El drama soy yo, aparentemente.
Papá se frotó la cara con las dos manos. Estaba al borde, y lo conocía demasiado bien para no notarlo.
—Escúchame bien —dijo bajando la voz, acercándose—. Si Manuelle llega a comunicarse contigo, no lo bloquees. No le grites. No lo confrontes. Solo… habla con él. Normal. No digas nada extraño. No lo pongas a la defensiva.
Fruncí el ceño.
—¿Por qué?
—Porque tenemos tu teléfono intervenido. Estamos rastreando todo. Necesitamos que confíe. Que se relaje. Que cometa un error. Uno solo.
Me miró como si de verdad necesitara que entendiera. Como si tuviera que elegir entre ser su hija o ser una pieza clave en una cacería.
—Papá… —comencé, dudosa—. ¿Tú crees que él… que Manuelle fue parte de esto?
Él bajó la mirada por primera vez.
—No sé. Pero las pruebas apuntan en su dirección. Y tú… estás demasiado cerca como para ser objetiva.
Me sentí vacía. Como si algo adentro se partiera un poco más.
Me levanté del sofá sin decir nada. Fui a mi habitación. Cerré la puerta con cuidado. No grité. No lloré. Solo respiré hondo mientras el ruido de los helicópteros afuera se mezclaba con el pitido lejano de un noticiero en la televisión.
¿Y si sí estaba involucrado?
¿Y si me estaba engañando todo este tiempo?
¿Y si Clarissa tenía razón… o peor, si yo no quería ver lo evidente?
Me recosté en la cama, el teléfono a un lado, esperando una notificación. Un mensaje. Una llamada. Algo.
Algo que me dijera la verdad. O que la ocultara un poco más.
Pero el teléfono seguía en silencio.
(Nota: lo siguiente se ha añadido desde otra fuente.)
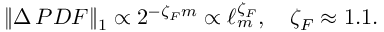
\| \Delta \, P D F \| _ { 1 } \propto 2 ^ { - \zeta _ { F } m } \propto \ell _ { m } ^ { \zeta _ { F } } , \quad \zeta _ { F } \approx 1 . 1 .
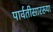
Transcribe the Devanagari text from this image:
पार्वतीसारख्या

Y yo también.
Encendí la televisión con el control a medio apretar. Como si necesitara más ruido del que ya había en mi cabeza. Me deslicé por los canales hasta que lo inevitable se impuso solo: todas las cadenas estaban cubriendo lo mismo. Mi nombre. Mi universidad. Su apellido.
«Investigación abierta contra los Moretti continúa escalando…»
«Se sospecha de un vínculo directo entre el atentado y los antiguos negocios ilegales de la familia…»
«Recordemos que Aina Villanova, hija del fiscal George Villanova, fue víctima de un presunto atentado con coche bomba hace apenas dos días…»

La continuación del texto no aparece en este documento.